A Prince who had aged and passed away without ever finding an answer. And others had come after him, as the years marched in their inexorable course, all of them the bearers of Lune’s trust, all of them—ultimately—failures.
Now it was Galen’s turn, to carry that burden, and to fall beneath it.
“I haven’t the slightest idea,” the Queen said, unaware of his dreary thoughts, “what meeting of worlds will save us this time. But I am certain it will need us both to do it. Whether it is some effect of the Onyx Hall’s nature, or simply the consequence of my governance these centuries, that has always been the case. I will contribute what I can, and you will do the same, and out of that will come the answer.”
She did not sound complacent; she had struggled against this question for too many years to be complacent. But the confidence in her voice gave Galen heart.
His sudden inspiration must have produced an audible sound, for Lune raised her arching eyebrows. “Yes?”
“I,” Galen said, and hesitated. “I don’t know how this could be of help.”
“We have tried everything that might be,” she said, with a hint of weary amusement. “We might as well try the things that
It seemed thinner and weaker the longer he thought about it, but the Queen was waiting. Galen said, “Natural philosophy.”
She didn’t laugh, or dismiss it out of hand. It was something mortals could contribute, that fae knew little of: the rational understanding of the world, as achieved through observation and experimentation. Every day, new discoveries, sending beams of light into the dark mysteries of nature. It had warned them of their impending peril; perhaps it could also save them.
Lune followed the thought to its inevitable conclusion even as Galen did. If such knowledge were to aid them, there was but one place to seek it out. “The Royal Society,” she said.

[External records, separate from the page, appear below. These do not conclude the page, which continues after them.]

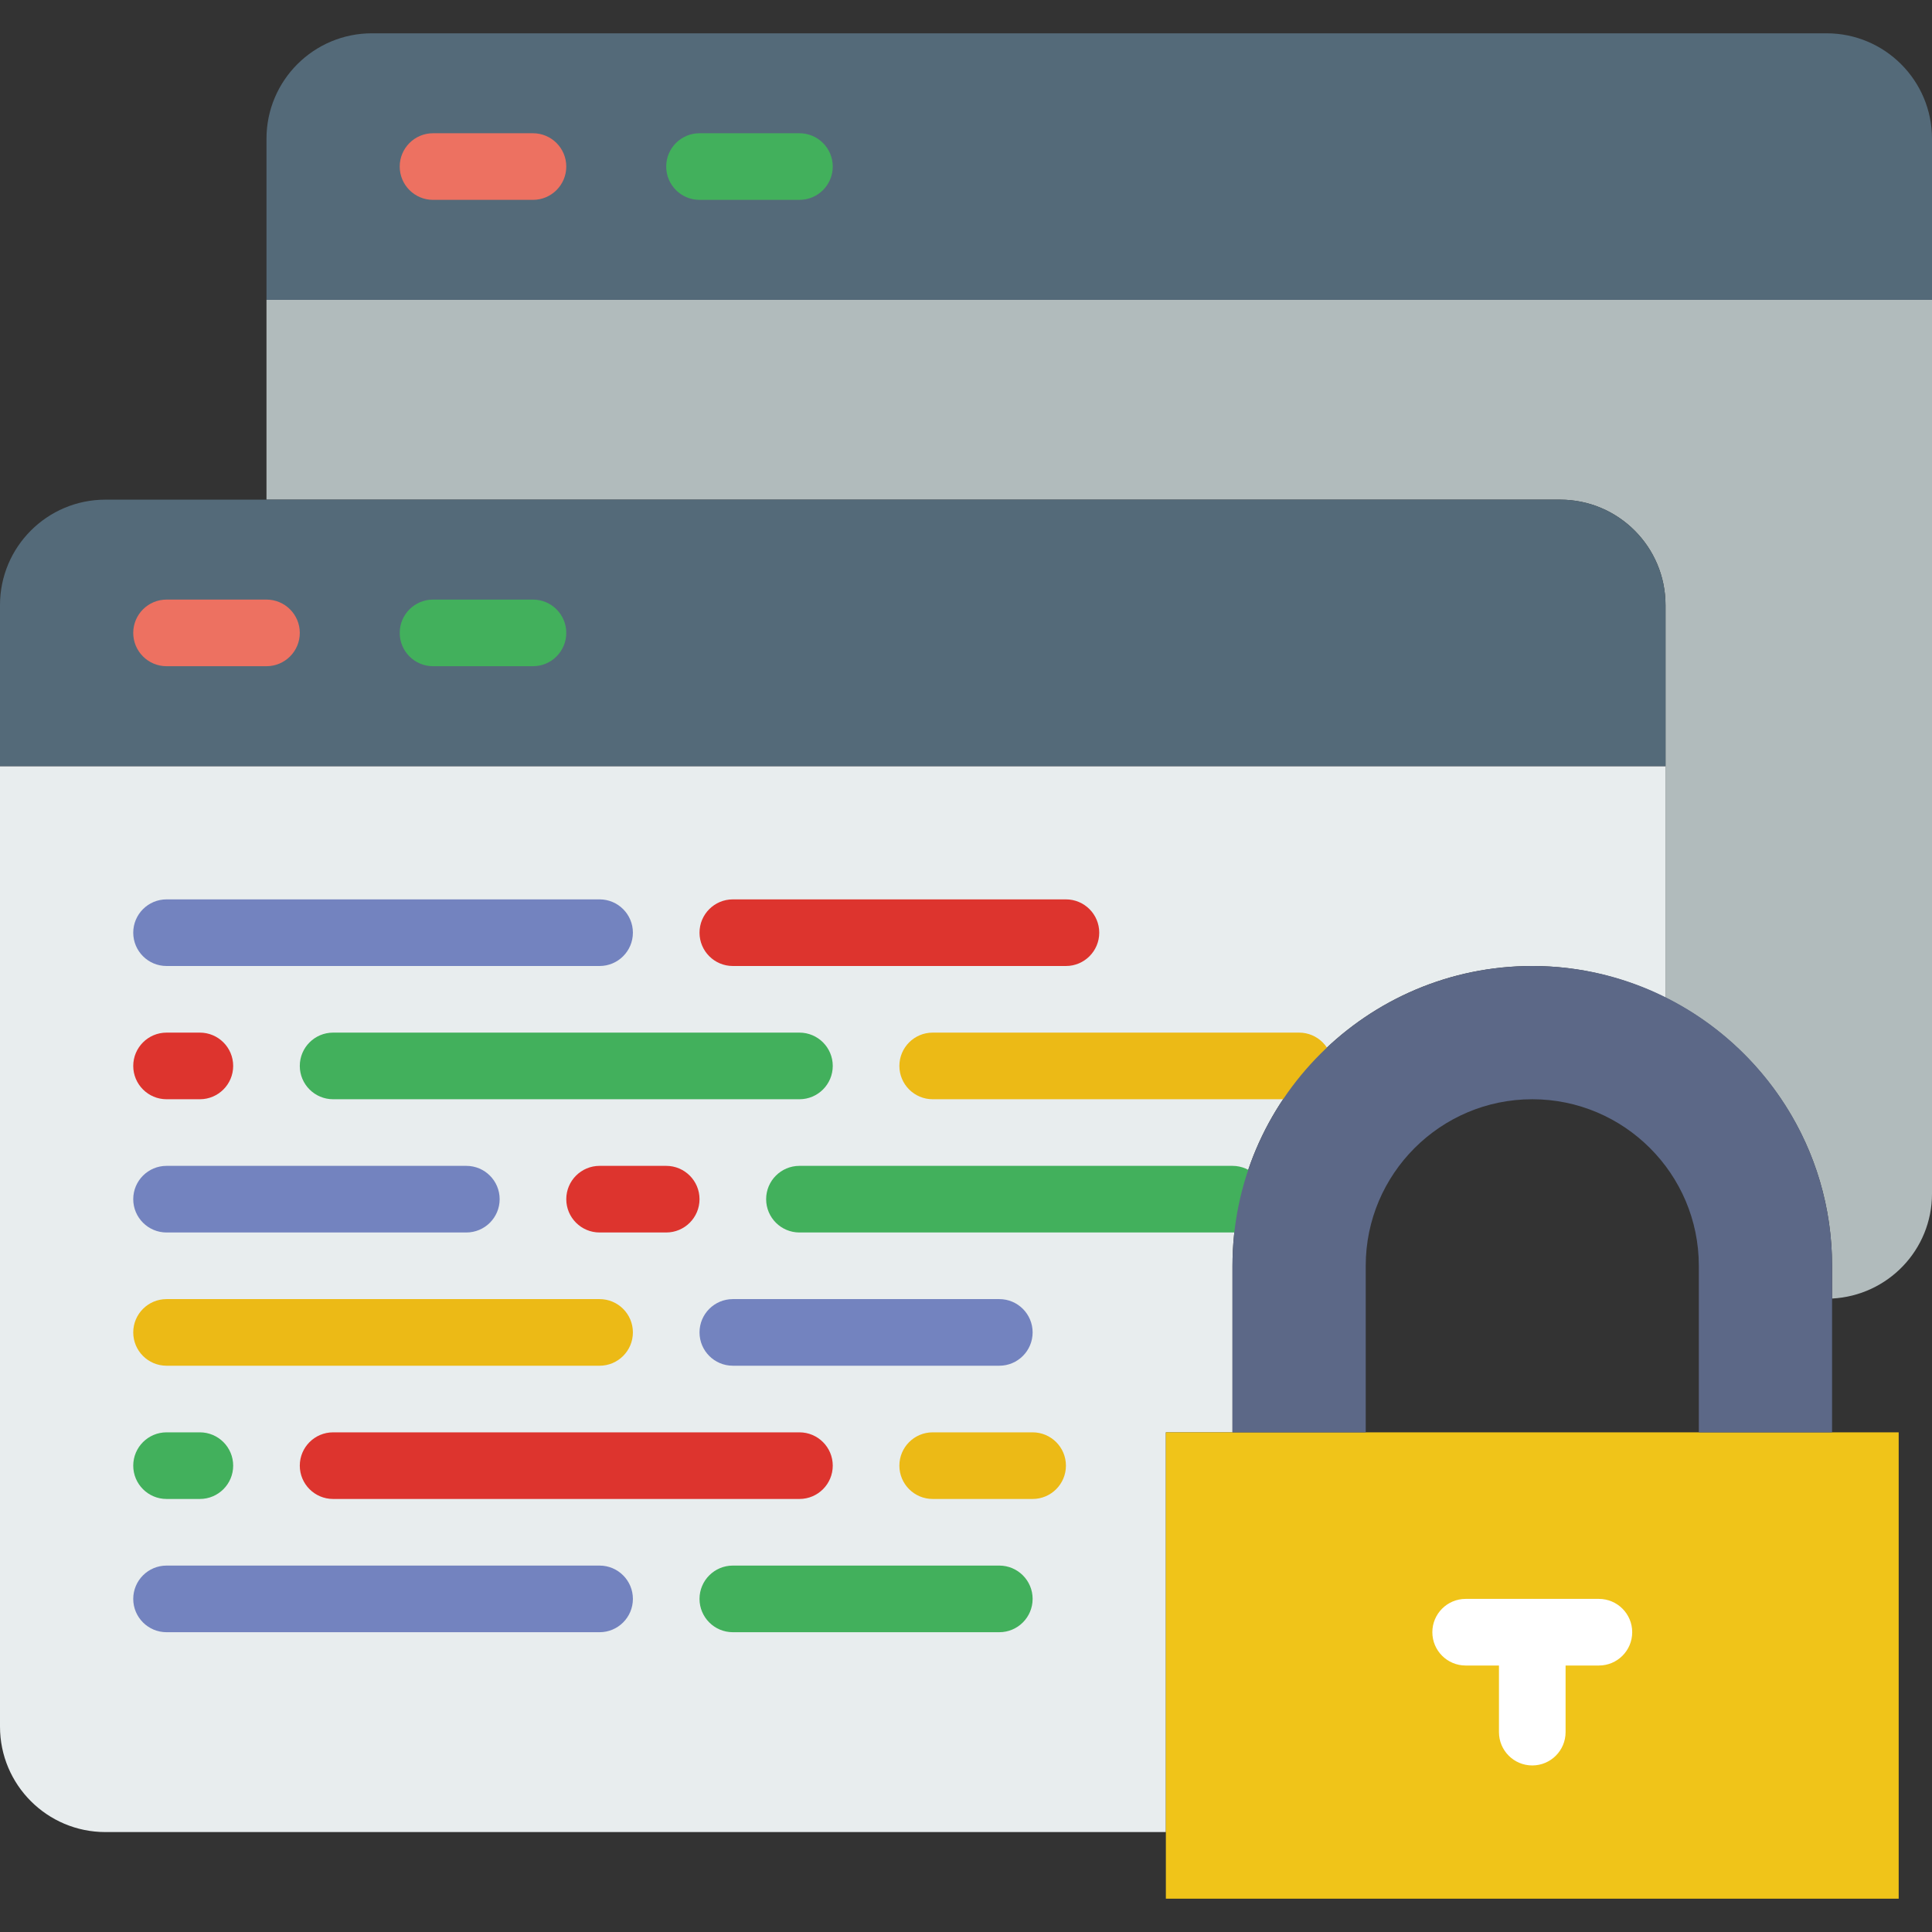 <?xml version="1.0" encoding="iso-8859-1"?>
<!-- Generator: Adobe Illustrator 19.0.0, SVG Export Plug-In . SVG Version: 6.00 Build 0)  -->
<svg version="1.1" id="Layer_1" xmlns="http://www.w3.org/2000/svg" xmlns:xlink="http://www.w3.org/1999/xlink" x="0px" y="0px"
	 viewBox="0 0 512 512" style="enable-background:new 0 0 512 512;" xml:space="preserve">
<rect x="0" y="0" width="512" height="512" fill="#333333" stroke="none"/>
<g>
	<path style="fill:#B1BBBC;" d="M70.621,79.448v52.966H413.44c15.431,0,27.939,12.509,27.939,27.939v42.681v61.352
		c26.112,13.03,44.138,39.945,44.138,71.062v8.678C500.259,343.358,512,331.264,512,316.337V79.448H70.621z"/>
	<path style="fill:#E8EDEE;" d="M308.966,379.586h17.655v-44.138c0-43.811,35.646-79.448,79.448-79.448
		c12.694,0,24.655,3.063,35.31,8.386v-61.352H0v254.543c0,15.431,12.509,27.939,27.939,27.939h281.026V379.586z"/>
	<path style="fill:#7383BF;" d="M158.897,256H44.138c-4.873,0-8.828-3.955-8.828-8.828c0-4.873,3.955-8.828,8.828-8.828h114.759
		c4.873,0,8.828,3.955,8.828,8.828C167.724,252.045,163.769,256,158.897,256"/>
	<path style="fill:#DD342E;" d="M282.483,256h-88.276c-4.873,0-8.828-3.955-8.828-8.828c0-4.873,3.955-8.828,8.828-8.828h88.276
		c4.873,0,8.828,3.955,8.828,8.828C291.31,252.045,287.356,256,282.483,256"/>
	<path style="fill:#ECBA16;" d="M344.276,291.31h-97.103c-4.873,0-8.828-3.955-8.828-8.828s3.955-8.828,8.828-8.828h97.103
		c4.873,0,8.828,3.955,8.828,8.828S349.149,291.31,344.276,291.31"/>
	<path style="fill:#42B05C;" d="M211.862,291.31H88.276c-4.873,0-8.828-3.955-8.828-8.828s3.955-8.828,8.828-8.828h123.586
		c4.873,0,8.828,3.955,8.828,8.828S216.735,291.31,211.862,291.31"/>
	<path style="fill:#DD342E;" d="M52.966,291.31h-8.828c-4.873,0-8.828-3.955-8.828-8.828s3.955-8.828,8.828-8.828h8.828
		c4.873,0,8.828,3.955,8.828,8.828S57.838,291.31,52.966,291.31"/>
	<path style="fill:#7383BF;" d="M123.586,326.621H44.138c-4.873,0-8.828-3.955-8.828-8.828c0-4.873,3.955-8.828,8.828-8.828h79.448
		c4.873,0,8.828,3.955,8.828,8.828C132.414,322.666,128.459,326.621,123.586,326.621"/>
	<path style="fill:#DD342E;" d="M176.552,326.621h-17.655c-4.873,0-8.828-3.955-8.828-8.828c0-4.873,3.955-8.828,8.828-8.828h17.655
		c4.873,0,8.828,3.955,8.828,8.828C185.379,322.666,181.425,326.621,176.552,326.621"/>
	<path style="fill:#42B05C;" d="M326.621,326.621H211.862c-4.873,0-8.828-3.955-8.828-8.828c0-4.873,3.955-8.828,8.828-8.828
		h114.759c4.873,0,8.828,3.955,8.828,8.828C335.448,322.666,331.493,326.621,326.621,326.621"/>
	<path style="fill:#ECBA16;" d="M158.897,361.931H44.138c-4.873,0-8.828-3.955-8.828-8.828c0-4.873,3.955-8.828,8.828-8.828h114.759
		c4.873,0,8.828,3.955,8.828,8.828C167.724,357.976,163.769,361.931,158.897,361.931"/>
	<path style="fill:#7383BF;" d="M264.828,361.931h-70.621c-4.873,0-8.828-3.955-8.828-8.828c0-4.873,3.955-8.828,8.828-8.828h70.621
		c4.873,0,8.828,3.955,8.828,8.828C273.655,357.976,269.7,361.931,264.828,361.931"/>
	<path style="fill:#ECBA16;" d="M273.655,397.241h-26.483c-4.873,0-8.828-3.955-8.828-8.828s3.955-8.828,8.828-8.828h26.483
		c4.873,0,8.828,3.955,8.828,8.828S278.528,397.241,273.655,397.241"/>
	<path style="fill:#DD342E;" d="M211.862,397.241H88.276c-4.873,0-8.828-3.955-8.828-8.828s3.955-8.828,8.828-8.828h123.586
		c4.873,0,8.828,3.955,8.828,8.828S216.735,397.241,211.862,397.241"/>
	<path style="fill:#42B05C;" d="M52.966,397.241h-8.828c-4.873,0-8.828-3.955-8.828-8.828s3.955-8.828,8.828-8.828h8.828
		c4.873,0,8.828,3.955,8.828,8.828S57.838,397.241,52.966,397.241"/>
	<path style="fill:#7383BF;" d="M158.897,432.552H44.138c-4.873,0-8.828-3.955-8.828-8.828c0-4.873,3.955-8.828,8.828-8.828h114.759
		c4.873,0,8.828,3.955,8.828,8.828C167.724,428.597,163.769,432.552,158.897,432.552"/>
	<path style="fill:#42B05C;" d="M264.828,432.552h-70.621c-4.873,0-8.828-3.955-8.828-8.828c0-4.873,3.955-8.828,8.828-8.828h70.621
		c4.873,0,8.828,3.955,8.828,8.828C273.655,428.597,269.7,432.552,264.828,432.552"/>
	<polygon style="fill:#F0C419;" points="308.966,503.172 503.172,503.172 503.172,379.586 308.966,379.586 	"/>
	<path style="fill:#5C6887;" d="M485.517,379.586h-35.31v-44.138c0-24.338-19.8-44.138-44.138-44.138s-44.138,19.8-44.138,44.138
		v44.138h-35.31v-44.138c0-43.811,35.646-79.448,79.448-79.448s79.448,35.637,79.448,79.448V379.586z"/>
	<g>
		<path style="fill:#546A79;" d="M441.379,203.034H0v-42.681c0-15.431,12.509-27.939,27.939-27.939H413.44
			c15.431,0,27.939,12.509,27.939,27.939V203.034z"/>
		<path style="fill:#546A79;" d="M512,79.448H70.621V36.767c0-15.431,12.509-27.939,27.939-27.939h385.501
			C499.491,8.828,512,21.336,512,36.767V79.448z"/>
	</g>
	<path style="fill:#ED7161;" d="M70.621,176.552H44.138c-4.873,0-8.828-3.955-8.828-8.828s3.955-8.828,8.828-8.828h26.483
		c4.873,0,8.828,3.955,8.828,8.828S75.494,176.552,70.621,176.552"/>
	<path style="fill:#42B05C;" d="M141.241,176.552h-26.483c-4.873,0-8.828-3.955-8.828-8.828s3.955-8.828,8.828-8.828h26.483
		c4.873,0,8.828,3.955,8.828,8.828S146.114,176.552,141.241,176.552"/>
	<path style="fill:#ED7161;" d="M141.241,52.966h-26.483c-4.873,0-8.828-3.955-8.828-8.828s3.955-8.828,8.828-8.828h26.483
		c4.873,0,8.828,3.955,8.828,8.828S146.114,52.966,141.241,52.966"/>
	<path style="fill:#42B05C;" d="M211.862,52.966h-26.483c-4.873,0-8.828-3.955-8.828-8.828s3.955-8.828,8.828-8.828h26.483
		c4.873,0,8.828,3.955,8.828,8.828S216.735,52.966,211.862,52.966"/>
	<g>
		<path style="fill:#FFFFFF;" d="M423.724,441.379h-35.31c-4.873,0-8.828-3.955-8.828-8.828s3.955-8.828,8.828-8.828h35.31
			c4.873,0,8.828,3.955,8.828,8.828S428.597,441.379,423.724,441.379"/>
		<path style="fill:#FFFFFF;" d="M406.069,467.862c-4.873,0-8.828-3.955-8.828-8.828v-26.483c0-4.873,3.955-8.828,8.828-8.828
			s8.828,3.955,8.828,8.828v26.483C414.897,463.907,410.942,467.862,406.069,467.862"/>
	</g>
</g>
<g>
</g>
<g>
</g>
<g>
</g>
<g>
</g>
<g>
</g>
<g>
</g>
<g>
</g>
<g>
</g>
<g>
</g>
<g>
</g>
<g>
</g>
<g>
</g>
<g>
</g>
<g>
</g>
<g>
</g>
</svg>

A fellowship of the most learned men in Britain, with allies all over Europe. Lune’s growing smile made Galen’s heart soar—until a new thought dragged it down once more. For him to gain entrée into the Royal Society, he would have to beg a favour of the last person to whom he wanted to owe a debt.
She knew it as well as he did. She said, “Can you get your father’s assistance?”
In the ordinary way of things, night was the ideal time for sneaking and subterfuge. Honest men were in their beds, with only the occasional watchman to sound an alarm, and darkness provided a friendly veil against such eyes.
The Royal Observatory at Greenwich did not operate according to the ordinary rules of society. Here, men slept during the day, and woke at night to observe the stars and moon and the distant planets.
Which became something of a problem when others wished to use their instruments, in secret, without their permission.
But the Onyx Court played home to many creatures that took pride in their stealth. If it was strange for them to operate in sunlight, they adapted. They had good reason to wish for success in this undertaking. So they went to Greenwich in the light of day, and moved either disguised or unseen among the astronomers and clerks and servants who worked there, bearing with them tiny vials of crystal. In those vials lay the essences of faerie herbs, gathered from the gardens of the Onyx Hall, to prepare for the coming night.
The contents of the vials went into food, into wine, into the bitter coffee drink some of the men swore sharpened their wits and kept them alert during their vigils. One by one, the men of the observatory slept, and dreamt the dreams provided to them.
Lune reached the top of the hill as a puck bent to drip visions on the eyelids of the last sleeper, a man who had curled up on the grass at the foot of Flamsteed’s great telescope. Behind her, three stocky yarthkins lugged a heavy crate up the slope. One man in his forties, hair thinning on top but still hale, wheezed theatrically as he staggered through the courtyard gate. “I swear it gets steeper every time.”
“This is the last time you have to climb it, Jack.” Lune stepped from the cobbled courtyard onto the grass, then stood gazing up at the telescope, and the stars beyond.
She could not see the one she sought. But that was what telescopes were for.
Jack Ellin, Prince of the Stone, nodded cheerfully. “Indeed. Either we exile this beast beyond the boundaries of the world—or it gets free and burns us all to ash. Either way, I won’t have to climb the hill again.”